Homepage | Publications | Software; data | Courseware; indicators | Animation | Geo | Search website (Google) |
Mapping Patent Data in terms of International Patent Classes (IPC)
Scientometrics (forthcoming); available at http://arxiv.org/abs/1210.6456
Figure 1: Base map for 124 IPC categories at the 3-digit level, using > 39 million US patents (1976-2011); cosine-normalized “citing”; VOSViewer used for the visualization. This map can be accessed interactively from here; the input file is available here.
The mapping of overlays requires the following files to be available in a single folder:
1. uspto1.exe for the initial download at the interface of USPTO (advanced searching at http://patft.uspto.gov/netahtml/PTO/search-adv.htm);
2. ipc.exe for the organization of the databases from the retrieval under 1;
2. ipc.dbf containing the baseline information;
(4. appl_ipc.exe is similar to ipc.exe, but parses and organizes downloads from the database of patent applications at http://appft1.uspto.gov/netahtml/PTO/search-adv.html. Note that patent applications do not contain forward citations.)
All files have to be saved in the same folder (ipc.dbf needs to be present in this folder as well). Files from previous runs may be overwritten; it is advised to empty the folder before downloading and running these routines in order to prevent confusion with previous runs, etc. IPC.exe calls uspto1.exe for the download, but this is optional; one can also use a previously downloaded set.
The routine uspto1.exe accesses the Internet using the MicroSoft Internet protocol in the file MSINet.OCX. If this file was not yet installed when installing another program, an error message may be generated by Windows since the file is not installed with the original installation of Windows. This error can be solved by following the instructions at http://www.leydesdorff.net/software/patentmaps/ocx.htm.
The two routines are integrated into ipc.exe. This routine calls uspto1.exe and uses ipc.dbf. Access to the Internet is required. The user is prompted (by uspto1.exe) for an input string. This search string can be generated and tested at http://patft.uspto.gov/netahtml/PTO/search-adv.htm. One needs a search string which results in more than fifty patents.

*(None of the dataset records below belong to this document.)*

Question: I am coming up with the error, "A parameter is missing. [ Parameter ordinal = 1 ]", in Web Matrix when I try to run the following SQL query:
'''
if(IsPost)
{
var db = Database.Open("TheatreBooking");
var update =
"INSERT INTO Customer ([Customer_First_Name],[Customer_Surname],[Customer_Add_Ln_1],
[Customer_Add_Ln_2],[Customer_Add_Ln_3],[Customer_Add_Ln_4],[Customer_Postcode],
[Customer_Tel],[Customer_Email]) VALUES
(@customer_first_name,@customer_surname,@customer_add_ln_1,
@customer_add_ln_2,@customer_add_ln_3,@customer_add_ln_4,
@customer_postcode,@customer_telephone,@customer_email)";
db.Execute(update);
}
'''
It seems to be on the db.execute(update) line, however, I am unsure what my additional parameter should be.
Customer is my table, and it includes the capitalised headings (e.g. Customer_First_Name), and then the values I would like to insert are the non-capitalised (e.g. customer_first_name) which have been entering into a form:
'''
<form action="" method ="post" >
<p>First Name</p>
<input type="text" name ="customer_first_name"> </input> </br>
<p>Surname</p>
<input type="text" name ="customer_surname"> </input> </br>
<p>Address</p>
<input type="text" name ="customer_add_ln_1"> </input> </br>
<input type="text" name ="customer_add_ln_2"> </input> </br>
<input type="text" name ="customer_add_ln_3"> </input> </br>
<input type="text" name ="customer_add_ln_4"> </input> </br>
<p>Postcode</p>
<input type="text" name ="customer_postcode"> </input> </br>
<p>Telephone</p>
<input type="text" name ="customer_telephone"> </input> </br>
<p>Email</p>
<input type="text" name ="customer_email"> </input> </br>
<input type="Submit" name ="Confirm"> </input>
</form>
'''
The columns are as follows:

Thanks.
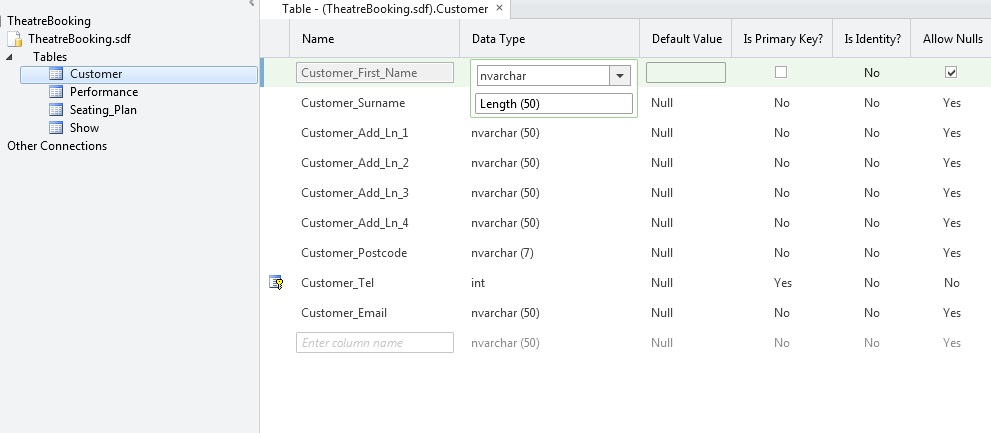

For example, the search string “ttl/nano and isd/2010$$” provides 171 patents. The resulting screen looks as follows:
Figure 2: Screen of results page at USPTO.
Click in this screen on the button “Next 50 Hits” (because the format of the first 50 hits is deviant). Enter then into one of the patents (by clicking on the name) and copy the search string at the top of the screen into uspto1.exe when prompted for a search string. It is not important which patent is used, as long as the sequence number is larger than 50; the search string will be parsed by the program. Feed also the number of 171 into the search when prompted for the number of patents. (A lower number is also ok, but a higher number may lead to an error message disturbing the flow of the programs.)
Figure 3: html-display of a US patent.
As follows:
Figure 4: Opening screen of USPTO1.exe (also accessible from IPC.exe).
IPC.exe will thereupon download the (in this case, 171) patents (as p1.htm, p2.htm, …, etc.) and organize the information in these files into relational databases (as explained in more detail at http://www.leydesdorff.net/indicators/lesson5.htm. These relational databases (in .dbf format) can also be opened in Excel or related using MS Access.)
The program produces the outputfiles “vos3.txt” and “vos4.txt” which can directly be read into VOSViewer. VOSViewer can be downloaded from here. Vos3.txt provides the overlay at the 3-digit level of IPC, and vos4.txt the overlay at the 4-digit level.
Figure 5: Heat map of 3,028 IPC classes attributed to 1,908 US patents at the 3-digit level, with an inventor in the Netherlands, and publication date in 2007 (map file available from here; see Leydesdorff & Bornmann, 2012, pp. 1446 ff.). This map can be accessed interactively from here.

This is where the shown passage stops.